### [PROMPT]
Would you print all of the entries word for word?

[DATASET ENTRIES — start]

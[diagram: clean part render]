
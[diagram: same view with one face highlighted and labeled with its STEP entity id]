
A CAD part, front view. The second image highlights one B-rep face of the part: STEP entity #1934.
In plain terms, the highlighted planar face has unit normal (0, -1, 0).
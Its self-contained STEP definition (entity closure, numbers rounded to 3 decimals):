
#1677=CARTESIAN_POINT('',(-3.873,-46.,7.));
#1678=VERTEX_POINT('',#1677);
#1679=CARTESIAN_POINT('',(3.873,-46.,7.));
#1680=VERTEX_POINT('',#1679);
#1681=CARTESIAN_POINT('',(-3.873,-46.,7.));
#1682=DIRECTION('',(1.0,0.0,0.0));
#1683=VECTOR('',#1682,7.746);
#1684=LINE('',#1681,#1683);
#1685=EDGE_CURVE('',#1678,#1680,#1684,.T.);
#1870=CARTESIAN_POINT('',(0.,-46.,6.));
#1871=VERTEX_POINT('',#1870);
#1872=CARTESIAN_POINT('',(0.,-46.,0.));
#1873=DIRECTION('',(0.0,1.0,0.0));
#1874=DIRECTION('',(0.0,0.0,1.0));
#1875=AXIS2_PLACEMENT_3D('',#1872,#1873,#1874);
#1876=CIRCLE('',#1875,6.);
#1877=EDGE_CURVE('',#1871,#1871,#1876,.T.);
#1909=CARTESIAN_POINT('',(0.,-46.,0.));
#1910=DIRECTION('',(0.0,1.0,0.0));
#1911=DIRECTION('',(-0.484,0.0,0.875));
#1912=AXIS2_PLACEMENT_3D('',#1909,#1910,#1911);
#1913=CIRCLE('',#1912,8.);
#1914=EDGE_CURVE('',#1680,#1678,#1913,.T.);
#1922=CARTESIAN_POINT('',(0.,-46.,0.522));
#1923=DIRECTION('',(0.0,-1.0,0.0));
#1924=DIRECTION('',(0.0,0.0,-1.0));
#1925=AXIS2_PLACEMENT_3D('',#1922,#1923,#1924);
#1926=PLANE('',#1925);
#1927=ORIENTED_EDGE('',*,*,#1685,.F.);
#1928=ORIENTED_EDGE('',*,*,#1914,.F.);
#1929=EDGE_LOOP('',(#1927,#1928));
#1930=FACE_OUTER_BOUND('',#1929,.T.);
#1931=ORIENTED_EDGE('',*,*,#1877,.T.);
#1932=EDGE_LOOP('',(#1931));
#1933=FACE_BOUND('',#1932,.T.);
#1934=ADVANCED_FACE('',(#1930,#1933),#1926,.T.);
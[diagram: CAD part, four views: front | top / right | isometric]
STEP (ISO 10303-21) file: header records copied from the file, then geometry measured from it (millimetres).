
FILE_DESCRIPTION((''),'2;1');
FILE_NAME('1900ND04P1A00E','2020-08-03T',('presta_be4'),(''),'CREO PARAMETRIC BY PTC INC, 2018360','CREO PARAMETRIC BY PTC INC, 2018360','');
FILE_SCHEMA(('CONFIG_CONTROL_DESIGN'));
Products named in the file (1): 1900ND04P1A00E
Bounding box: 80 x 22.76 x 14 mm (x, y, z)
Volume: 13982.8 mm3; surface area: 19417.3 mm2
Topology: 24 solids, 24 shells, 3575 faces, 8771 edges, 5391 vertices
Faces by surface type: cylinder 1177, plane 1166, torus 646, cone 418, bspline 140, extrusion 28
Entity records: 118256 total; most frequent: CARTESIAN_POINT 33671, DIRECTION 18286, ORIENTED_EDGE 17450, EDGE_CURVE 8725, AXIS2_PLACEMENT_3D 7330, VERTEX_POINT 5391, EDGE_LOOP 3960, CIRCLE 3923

[DATASET ENTRIES — finish]

### [EXPECTED OUTPUT]
[diagram: clean part render]
[diagram: same view with one face highlighted and labeled with its STEP entity id]
A CAD part, front view. The second image highlights one B-rep face of the part: STEP entity #1934.
In plain terms, the highlighted planar face has unit normal (0, -1, 0).
Its self-contained STEP definition (entity closure, numbers rounded to 3 decimals):
#1677=CARTESIAN_POINT('',(-3.873,-46.,7.));
#1678=VERTEX_POINT('',#1677);
#1679=CARTESIAN_POINT('',(3.873,-46.,7.));
#1680=VERTEX_POINT('',#1679);
#1681=CARTESIAN_POINT('',(-3.873,-46.,7.));
#1682=DIRECTION('',(1.0,0.0,0.0));
#1683=VECTOR('',#1682,7.746);
#1684=LINE('',#1681,#1683);
#1685=EDGE_CURVE('',#1678,#1680,#1684,.T.);
#1870=CARTESIAN_POINT('',(0.,-46.,6.));
#1871=VERTEX_POINT('',#1870);
#1872=CARTESIAN_POINT('',(0.,-46.,0.));
#1873=DIRECTION('',(0.0,1.0,0.0));
#1874=DIRECTION('',(0.0,0.0,1.0));
#1875=AXIS2_PLACEMENT_3D('',#1872,#1873,#1874);
#1876=CIRCLE('',#1875,6.);
#1877=EDGE_CURVE('',#1871,#1871,#1876,.T.);
#1909=CARTESIAN_POINT('',(0.,-46.,0.));
#1910=DIRECTION('',(0.0,1.0,0.0));
#1911=DIRECTION('',(-0.484,0.0,0.875));
#1912=AXIS2_PLACEMENT_3D('',#1909,#1910,#1911);
#1913=CIRCLE('',#1912,8.);
#1914=EDGE_CURVE('',#1680,#1678,#1913,.T.);
#1922=CARTESIAN_POINT('',(0.,-46.,0.522));
#1923=DIRECTION('',(0.0,-1.0,0.0));
#1924=DIRECTION('',(0.0,0.0,-1.0));
#1925=AXIS2_PLACEMENT_3D('',#1922,#1923,#1924);
#1926=PLANE('',#1925);
#1927=ORIENTED_EDGE('',*,*,#1685,.F.);
#1928=ORIENTED_EDGE('',*,*,#1914,.F.);
#1929=EDGE_LOOP('',(#1927,#1928));
#1930=FACE_OUTER_BOUND('',#1929,.T.);
#1931=ORIENTED_EDGE('',*,*,#1877,.T.);
#1932=EDGE_LOOP('',(#1931));
#1933=FACE_BOUND('',#1932,.T.);
#1934=ADVANCED_FACE('',(#1930,#1933),#1926,.T.);
[diagram: CAD part, four views: front | top / right | isometric]
STEP (ISO 10303-21) file: header records copied from the file, then geometry measured from it (millimetres).
FILE_DESCRIPTION((''),'2;1');
FILE_NAME('1900ND04P1A00E','2020-08-03T',('presta_be4'),(''),'CREO PARAMETRIC BY PTC INC, 2018360','CREO PARAMETRIC BY PTC INC, 2018360','');
FILE_SCHEMA(('CONFIG_CONTROL_DESIGN'));
Products named in the file (1): 1900ND04P1A00E
Bounding box: 80 x 22.76 x 14 mm (x, y, z)
Volume: 13982.8 mm3; surface area: 19417.3 mm2
Topology: 24 solids, 24 shells, 3575 faces, 8771 edges, 5391 vertices
Faces by surface type: cylinder 1177, plane 1166, torus 646, cone 418, bspline 140, extrusion 28
Entity records: 118256 total; most frequent: CARTESIAN_POINT 33671, DIRECTION 18286, ORIENTED_EDGE 17450, EDGE_CURVE 8725, AXIS2_PLACEMENT_3D 7330, VERTEX_POINT 5391, EDGE_LOOP 3960, CIRCLE 3923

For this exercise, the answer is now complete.